Photo: Yves Provencher/Métro

J’ai eu du mal à trouver les commentaires désobligeants envoyés à Mariana Mazza suite au doigt d’honneur qu’elle a envoyé à Mike Ward et Sugar Sammy lorsque ce dernier l’a comparée à un handjob. J’ai été davantage témoin des réactions de Mike Ward et de Mariana Mazza aux commentaires, que des commentaires eux-mêmes, et Dieu sait que je scrute à la loupe les commentaires qui sévissent sur l’internet. Mais, bon, fallait-il vraiment s’étonner que le finger d’une jeune femme dérange? Non.

C’est finalement au bas d’un article du Journal de Montréal que j’ai pu recenser le plus de réprimandes à l’égard de Mazza. Ça non plus, fallait pas vraiment s’en étonner. Des gens qui la trouvent «vulgaire», «ado», et qui formulent des recommandations bienveillantes à l’égard du jeu de l’humoriste: «Mariana Mazza doit apprendre à moduler ses interventions». J’ai corrigé les fautes pour la forme.

Je ne suis pas certaine que ces gérants d’estrade se rendent compte du sexisme qui sous-tend leur intervention et je suis même persuadée qu’ils vous diraient qu’un «fuck you», c’est vulgaire, que ça vienne d’une fille ou d’un gars. La vérité, c’est qu’aucun d’entre eux n’aurait dit quoi que ce soit si on avait inversé les rôles. Ce qui en a choqué plusieurs, en fait, c’est qu’une fille réplique à l’insulte. C’était de l’humour, bien sûr. Quelle aurait pu être l’alternative? Qu’elle sourie sagement? Qu’elle rie béatement de la blague de l’homme qui venait de la comparer à la sensation d’une main secouant son pénis trop longtemps?

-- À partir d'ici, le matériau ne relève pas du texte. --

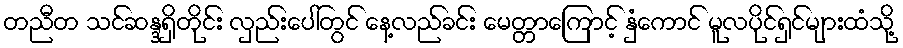
တညီတ သင်ဆန္ဒရှိတိုင်း လှည်းပေါ်တွင် နေ့လည်ခင်း မေတ္တာကြောင့် နှံကောင် မူလပိုင်ရှင်များထံသို့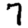
Digit: 7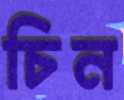
চিন

La doigt d’honneur de Mariana Mazza dérange parce qu’il va à l’encontre de ce qu’on attend d’une fille sage. Et heureusement, Mariana Mazza n’est PAS sage. Elle n’hésite pas à remettre ses collègues à leur place, en dépit des dynamiques de genre qui pourraient l’inciter à faire le contraire.

Quelles sont ces dynamiques qu’on affuble du lourd nom de patriarcat, qui semble si souvent exagéré? Je vous en donne un exemple: une journaliste commente en direct la victoire d’un club de football lorsque soudainement, un joueur l’attaque d’un baiser qui soulève l’hilarité de ses camarades (et du commentateur de TVA Sports). Quelles options s’offrent à la journaliste? Rire et faire semblant de trouver ça l’fun pour rester dans le registre cute, ou répondre, faire un malaise et passer pour une personne sans humour, craindre de ne plus être rappelée par TVA parce qu’on a mal géré un direct? Sous le coup de l’adrénaline, la journaliste a une seconde pour faire son choix et je ferais probablement le même: rire malgré le désagrément et la frousse suscités par le «petit bisou».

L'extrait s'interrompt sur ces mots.